Three Changes OBBBA Made
1. Tiered Holding Period with Graduated Exclusions
Before the OBBBA, qualifying taxpayers had to hold QSBS for more than five years to claim any exclusion. The OBBBA replaced that single threshold with a graduated schedule, applicable to stock issued after July 4, 2025:
| Holding Period | Capital Gain Exclusion | Applicable Stock |
|---|---|---|
| At least 3 years | 50% | Issued after July 4, 2025 |
| At least 4 years | 75% | Issued after July 4, 2025 |
| 5 years or more | 100% | Issued after July 4, 2025 |
Important: The unexcluded portion of gain on stock held for three or four years is subject to a 28% capital gains rate, not the standard 15% or 20% long-term rates. That 28% applies to whatever gain isn’t covered by the exclusion, which changes the effective tax math on three- and four-year exits.

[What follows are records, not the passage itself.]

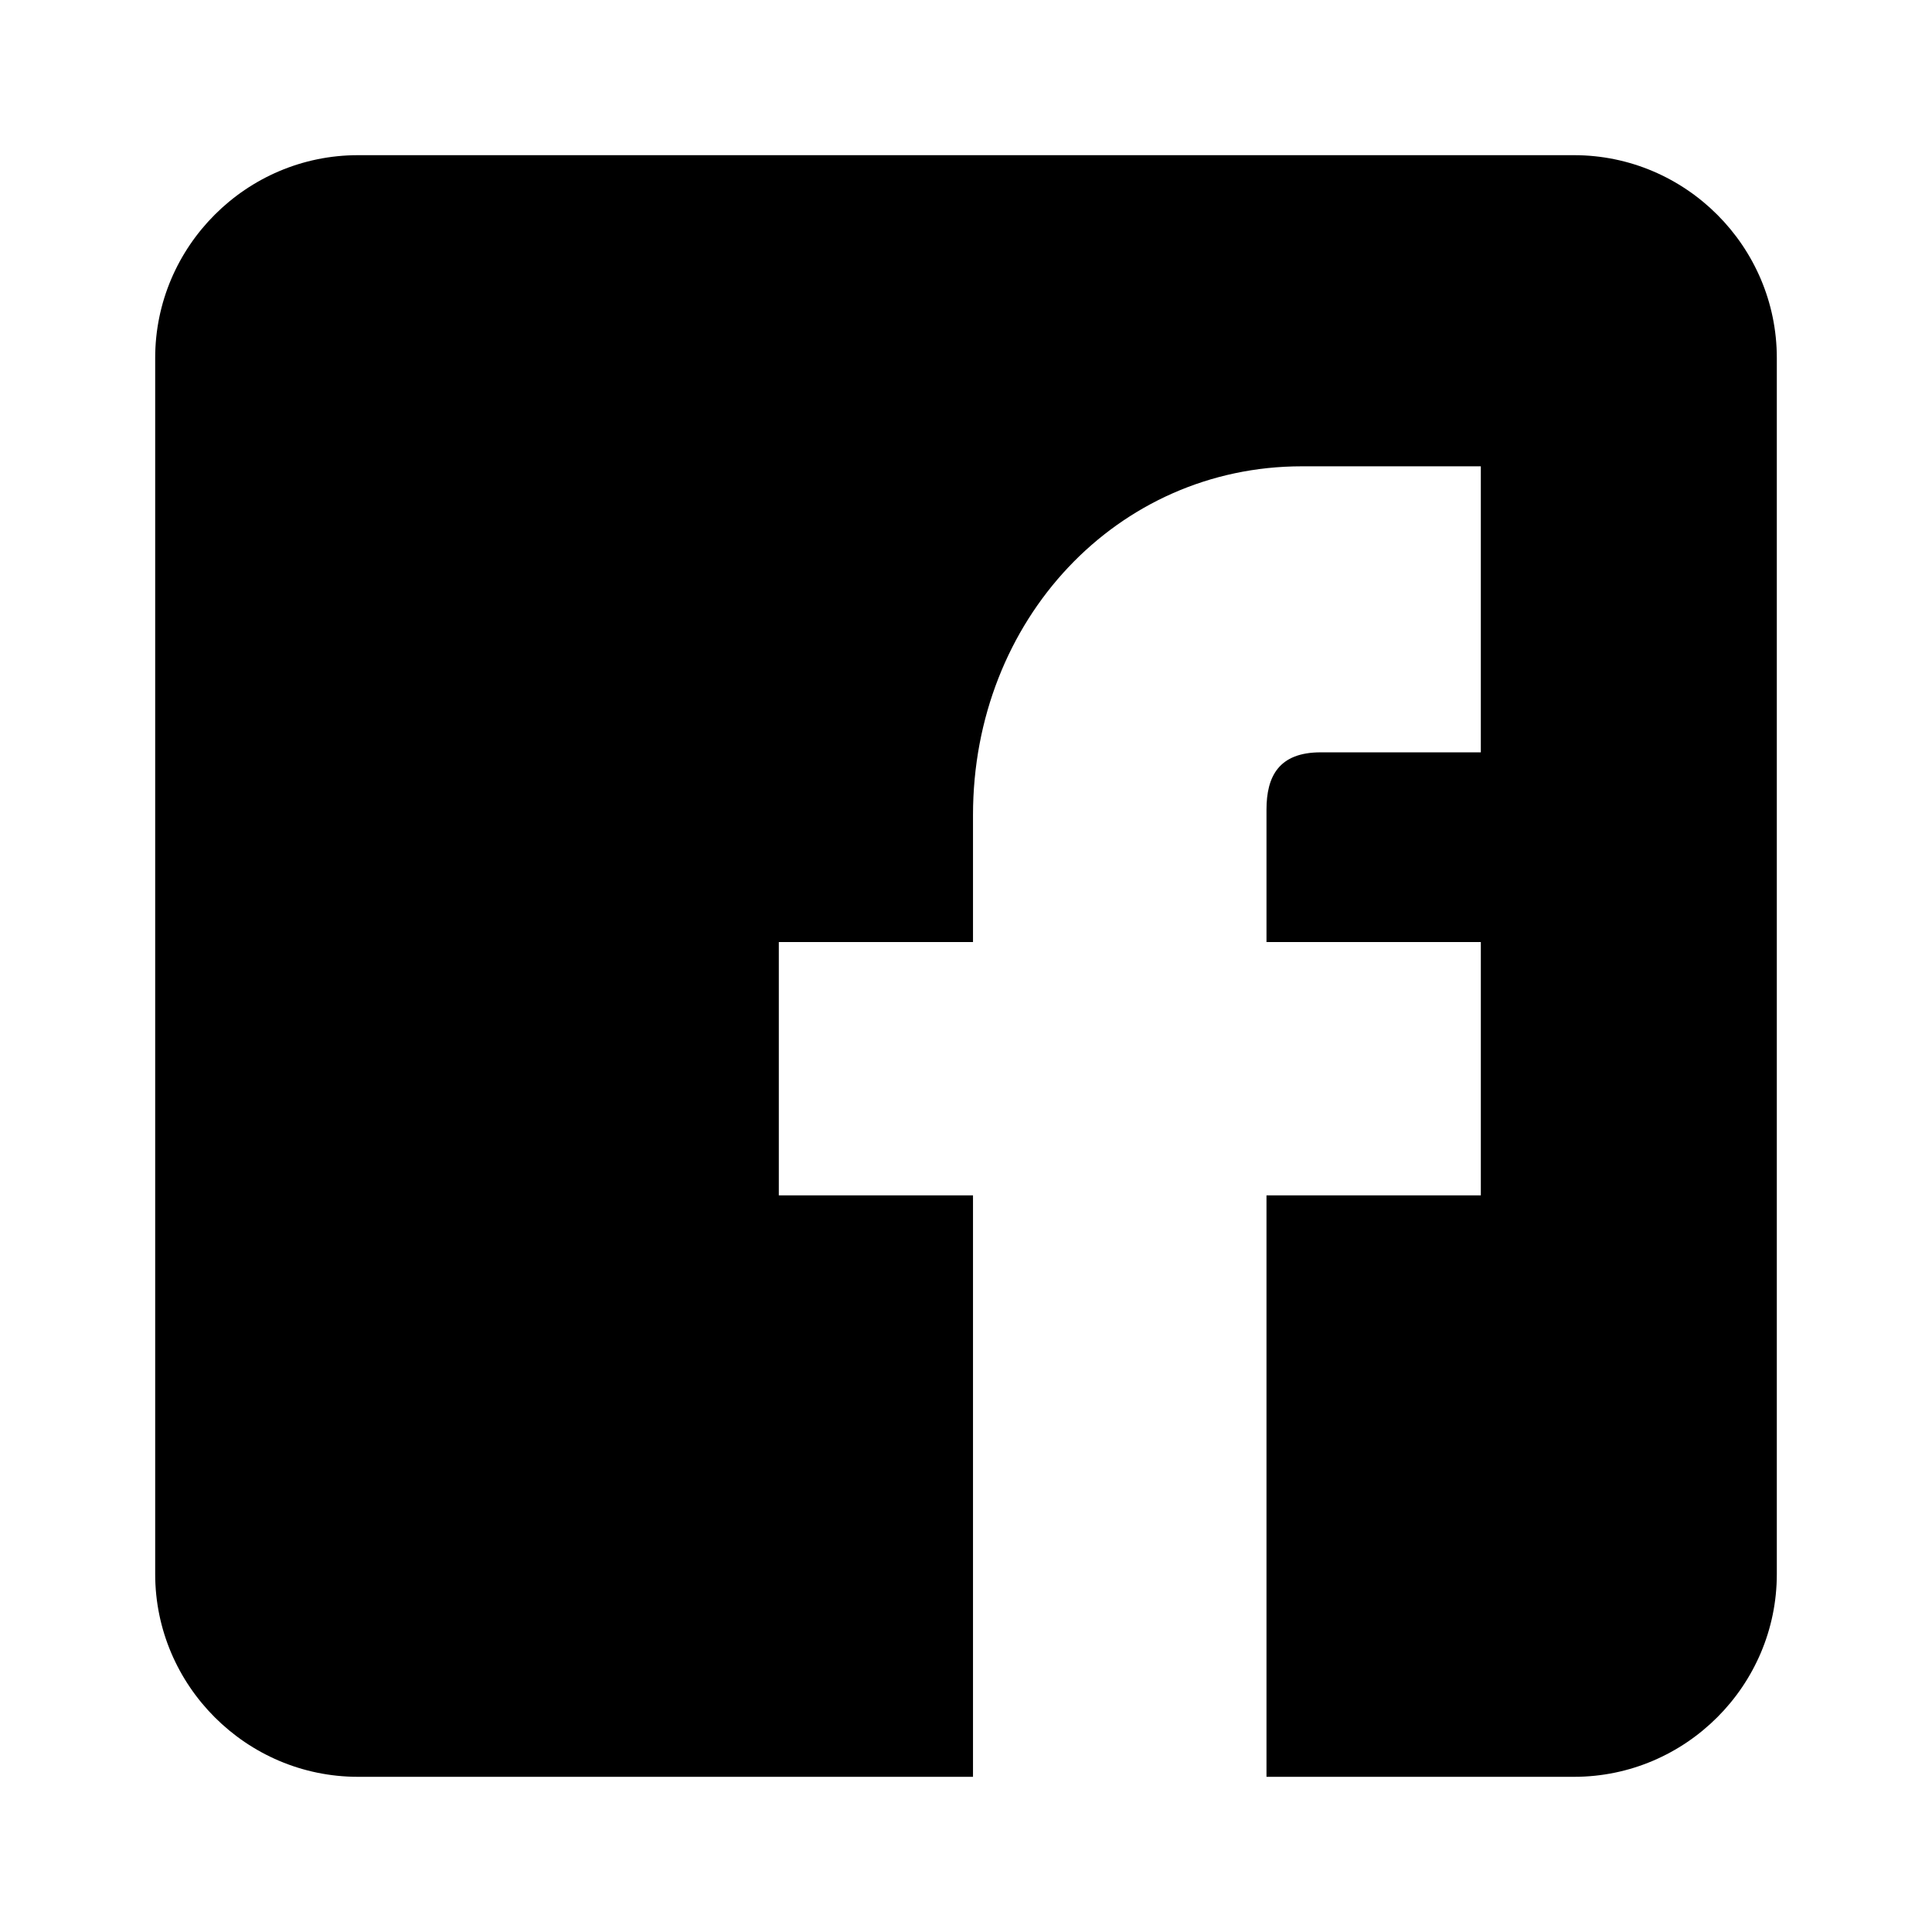 <?xml version="1.0" encoding="iso-8859-1"?>
<!-- Generator: Adobe Illustrator 17.0.2, SVG Export Plug-In . SVG Version: 6.00 Build 0)  -->
<!DOCTYPE svg PUBLIC "-//W3C//DTD SVG 1.1//EN" "http://www.w3.org/Graphics/SVG/1.1/DTD/svg11.dtd">
<svg version="1.1" id="Calque_5" xmlns="http://www.w3.org/2000/svg" xmlns:xlink="http://www.w3.org/1999/xlink" x="0px" y="0px"
	 width="1000px" height="1000px" viewBox="0 0 1000 1000" style="enable-background:new 0 0 1000 1000;" xml:space="preserve">
<path d="M814.758,80.322H185.242c-57.702,0-104.919,47.218-104.919,104.919v629.517c0,57.712,47.218,104.919,104.919,104.919h318.38
	V618.721H403.115V487.61h100.507V421.92c0-101.25,74.763-180.559,170.209-180.559h92.642V389.41h-82.882
	c-21.693,0-28.06,12.457-28.06,29.67v68.529h110.942v131.111H655.531v300.957h159.228c57.721,0,104.919-47.208,104.919-104.919
	V185.242C919.678,127.54,872.48,80.322,814.758,80.322z"/>
</svg>

Stock issued on or before July 4, 2025, remains subject to the original five-year requirement with no partial exclusion available.
2. Increased Per-Taxpayer Gain Exclusion Cap
Section 1202 limits the amount of gain a taxpayer can exclude per issuer. That cap has always been the greater of two figures: a flat dollar amount, or 10 times the taxpayer’s aggregate adjusted basis in the stock sold.
For stock issued after July 4, 2025, the OBBBA raised the flat dollar component from $10 million to $15 million ($7.5 million for married taxpayers filing separately). The 10x basis cap stays in place. Both are still compared, and whichever is greater applies.
That $15 million figure gets annual inflation adjustments starting in 2027. For stock issued on or before July 4, 2025, the pre-OBBBA $10 million cap still governs even if the sale happens after enactment. Exclusion limits follow the stock’s issuance date, not the sale date.
3. Higher Gross Asset Threshold
The aggregate gross asset ceiling for post-July 4, 2025 stock moved from $50 million to $75 million, with annual inflation adjustments starting in 2027.
Stock issued on or before July 4, 2025 stays under the $50 million threshold. A taxpayer also cannot exchange pre-OBBBA stock for newly issued stock to get the more favorable post-OBBBA treatment. Section 1202(i) is explicit on this: QSBS received in a Section 351 exchange or a tax-free reorganization in exchange for pre-OBBBA stock retains pre-OBBBA treatment.
Effective Date and Pre-OBBBA Stock
The OBBBA changes apply only to QSBS issued after July 4, 2025. Two things follow from that.
Stock issued before or on that date is governed entirely by the old rules: five-year holding period, $10 million gain exclusion cap (or 10x basis), $50 million gross asset threshold. Nothing about the OBBBA changes what applies to that stock.
For stock issued after July 4, 2025, the three-year holding period clock started on the issuance date.